▶ _Task description_: Would it be possible to copy exactly the lines from the one containing "Desktop.R8.0.24.0',', , ');" to the end of the entries, including both and nothing else?
-- Data provided follows --
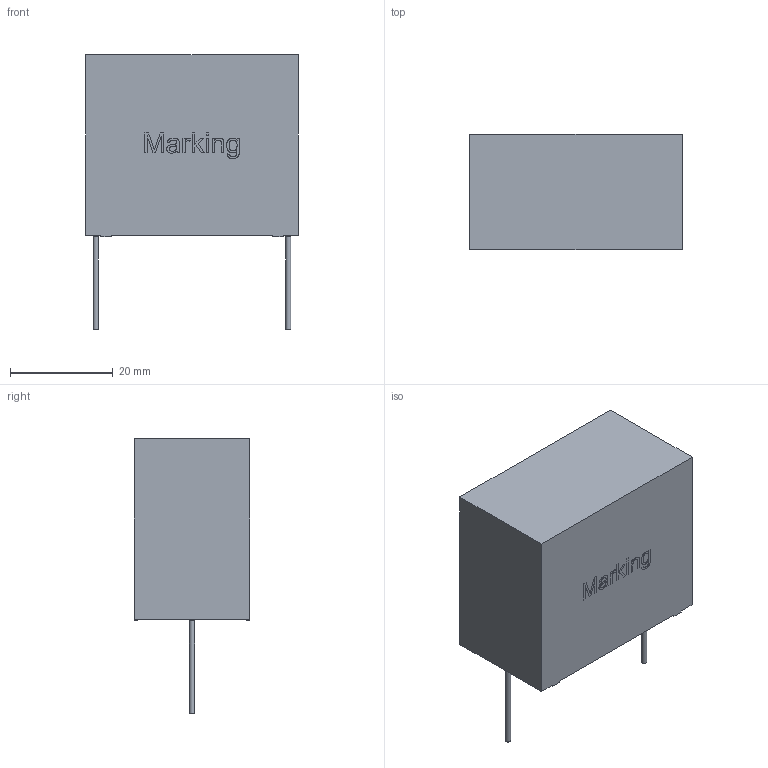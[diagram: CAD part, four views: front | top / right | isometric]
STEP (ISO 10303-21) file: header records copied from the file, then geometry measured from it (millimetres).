
FILE_DESCRIPTION(/* description */ ('Unknown','CAx-IF Rec.Pracs.---Representation and Presentation of Product Manufacturing Information (PMI)---4.0---2014-10-13','CAx-IF Rec.Pracs.---3D Tessellated Geometry---0.4---2014-09-14','2;1'),/* implementation_level */ '2;1');
FILE_NAME(/* name */ 'C_Wurth_WCAP-FTXX-P37.5L41.5W22.5H35.5',/* time_stamp */ '2025-01-13T15:15:03+08:00',/* author */ ('Unknown'),/* organization */ ('Unknown'),/* preprocessor_version */ 'ST-DEVELOPER v16.7',/* originating_system */ 'Solid Edge',/* authorisation */ 'Unknown');
FILE_SCHEMA (('AP242_MANAGED_MODEL_BASED_3D_ENGINEERING_MIM_LF { 1 0 10303 442 1 1 4 }'));
Length unit declared in the file: metre
Products named in the file (2): C_Wurth_WCAP-FTXX-P37.5L41.5W22.5H35.5
Assembly tree (1 placements, depth 2):
  C_Wurth_WCAP-FTXX-P37.5L41.5W22.5H35.5
    C_Wurth_WCAP-FTXX-P37.5L41.5W22.5H35.5
Bounding box: 41.5 x 22.5 x 53.5 mm (x, y, z)
Volume: 32898.4 mm3; surface area: 6494.3 mm2
Topology: 1 solids, 1 shells, 100 faces, 248 edges, 162 vertices
Faces by surface type: plane 80, bspline 16, torus 2, cylinder 2
Full cylindrical faces by diameter (mm): 1 x2
Entity records: 4359 total; most frequent: CARTESIAN_POINT 1367, ORIENTED_EDGE 486, DIRECTION 389, EDGE_CURVE 243, LINE 205, VECTOR 205, VERTEX_POINT 162, EDGE_LOOP 117
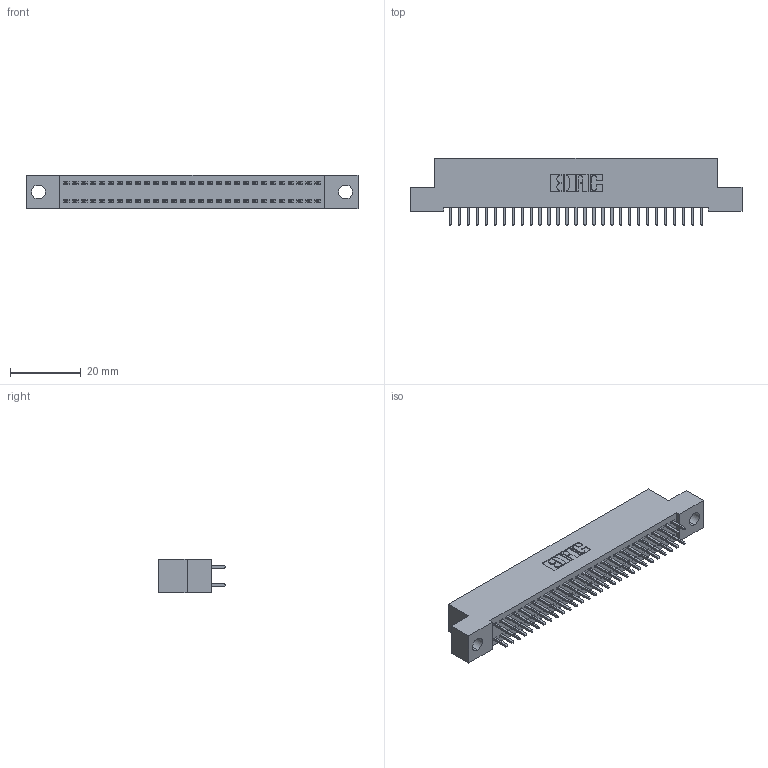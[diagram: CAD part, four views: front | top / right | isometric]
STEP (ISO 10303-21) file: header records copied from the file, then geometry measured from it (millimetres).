
FILE_DESCRIPTION (( 'STEP AP203' ), '1' );
FILE_NAME ('342-058-521-204.STEP', '2019-10-03T12:28:59', ( '' ), ( '' ), 'SwSTEP 2.0', 'SolidWorks 2016', '' );
FILE_SCHEMA (( 'CONFIG_CONTROL_DESIGN' ));
Length unit declared in the file: inch
Products named in the file (3): 342 Part_.156 TH; 345-292-001_345-293-121; 342-058-521-204
Assembly tree (59 placements, depth 2):
  342-058-521-204
    342 Part_.156 TH
    345-292-001_345-293-121  x58
Bounding box: 93.98 x 19.06 x 9.4 mm (x, y, z)
Volume: 8271.9 mm3; surface area: 12808.1 mm2
Topology: 59 solids, 59 shells, 3126 faces, 9289 edges, 6114 vertices
Faces by surface type: plane 2154, cylinder 972
Entity records: 20227 total; most frequent: CARTESIAN_POINT 3366, ORIENTED_EDGE 3302, DIRECTION 2899, EDGE_CURVE 1651, LINE 1523, VECTOR 1523, VERTEX_POINT 1098, AXIS2_PLACEMENT_3D 688
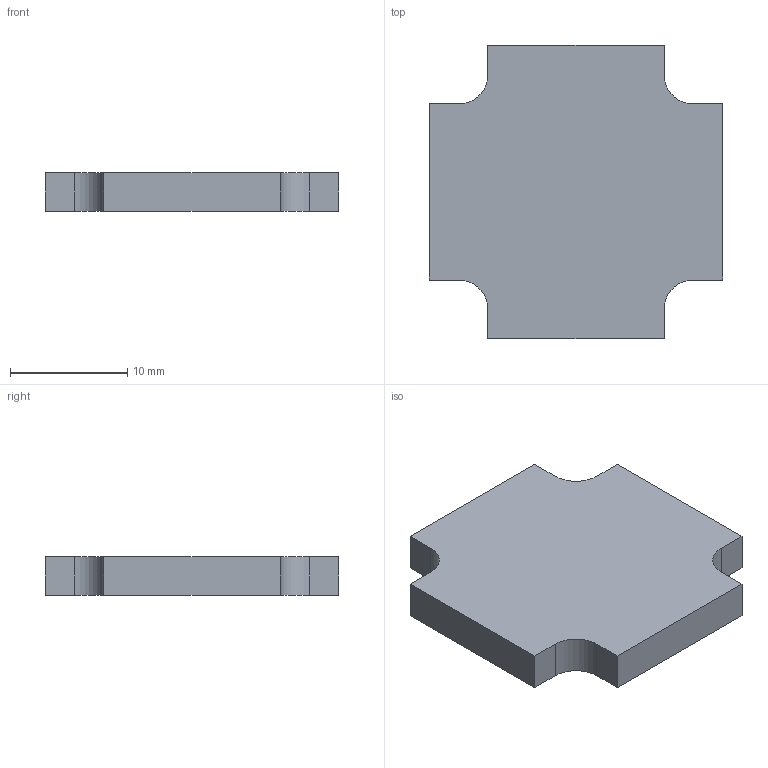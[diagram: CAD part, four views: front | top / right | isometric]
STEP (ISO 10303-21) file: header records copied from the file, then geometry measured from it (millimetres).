
FILE_DESCRIPTION((''),'2;1');
FILE_NAME('GSF-25-01.stp','2014-10-28T16:45:04',(''),(''),'Mechanical Desktop.R8.0.24.0','Mechanical Desktop.R8.0.24.0',', , ');
FILE_SCHEMA(('CONFIG_CONTROL_DESIGN'));
Length unit declared in the file: millimetre
Products named in the file (2): GSF-25-01A; GSF-25-01
Assembly tree (1 placements, depth 2):
  GSF-25-01A
    GSF-25-01
Bounding box: 25 x 25 x 3.3 mm (x, y, z)
Volume: 1750.2 mm3; surface area: 1376.6 mm2
Topology: 1 solids, 1 shells, 18 faces, 48 edges, 32 vertices
Faces by surface type: plane 14, cylinder 4
Entity records: 669 total; most frequent: CARTESIAN_POINT 100, DIRECTION 96, ORIENTED_EDGE 96, EDGE_CURVE 48, VECTOR 40, LINE 40, VERTEX_POINT 32, AXIS2_PLACEMENT_3D 28
-- Data provided concluded --
▶ _Response_:
FILE_NAME('GSF-25-01.stp','2014-10-28T16:45:04',(''),(''),'Mechanical Desktop.R8.0.24.0','Mechanical Desktop.R8.0.24.0',', , ');
FILE_SCHEMA(('CONFIG_CONTROL_DESIGN'));
Length unit declared in the file: millimetre
Products named in the file (2): GSF-25-01A; GSF-25-01
Assembly tree (1 placements, depth 2):
  GSF-25-01A
    GSF-25-01
Bounding box: 25 x 25 x 3.3 mm (x, y, z)
Volume: 1750.2 mm3; surface area: 1376.6 mm2
Topology: 1 solids, 1 shells, 18 faces, 48 edges, 32 vertices
Faces by surface type: plane 14, cylinder 4
Entity records: 669 total; most frequent: CARTESIAN_POINT 100, DIRECTION 96, ORIENTED_EDGE 96, EDGE_CURVE 48, VECTOR 40, LINE 40, VERTEX_POINT 32, AXIS2_PLACEMENT_3D 28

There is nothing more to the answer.